Once the line containing "12 | −0.979 |" is found in the data below, output that line and every line after it through the last, unchanged and with nothing else.

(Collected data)

-.-.-

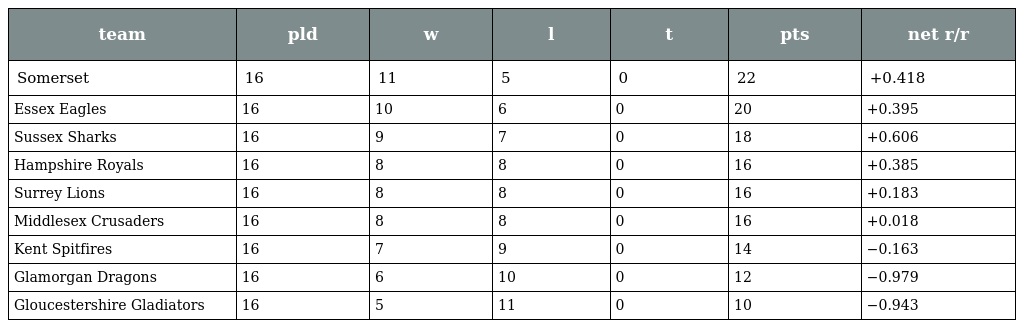
| team | pld | w | l | t | pts | net r/r |
 | --- | --- | --- | --- | --- | --- | --- |
 | Somerset | 16 | 11 | 5 | 0 | 22 | +0.418 |
 | Essex Eagles | 16 | 10 | 6 | 0 | 20 | +0.395 |
 | Sussex Sharks | 16 | 9 | 7 | 0 | 18 | +0.606 |
 | Hampshire Royals | 16 | 8 | 8 | 0 | 16 | +0.385 |
 | Surrey Lions | 16 | 8 | 8 | 0 | 16 | +0.183 |
 | Middlesex Crusaders | 16 | 8 | 8 | 0 | 16 | +0.018 |
 | Kent Spitfires | 16 | 7 | 9 | 0 | 14 | −0.163 |
 | Glamorgan Dragons | 16 | 6 | 10 | 0 | 12 | −0.979 |
 | Gloucestershire Gladiators | 16 | 5 | 11 | 0 | 10 | −0.943 |

-.-.-

**Answer**
 | Glamorgan Dragons | 16 | 6 | 10 | 0 | 12 | −0.979 |
 | Gloucestershire Gladiators | 16 | 5 | 11 | 0 | 10 | −0.943 |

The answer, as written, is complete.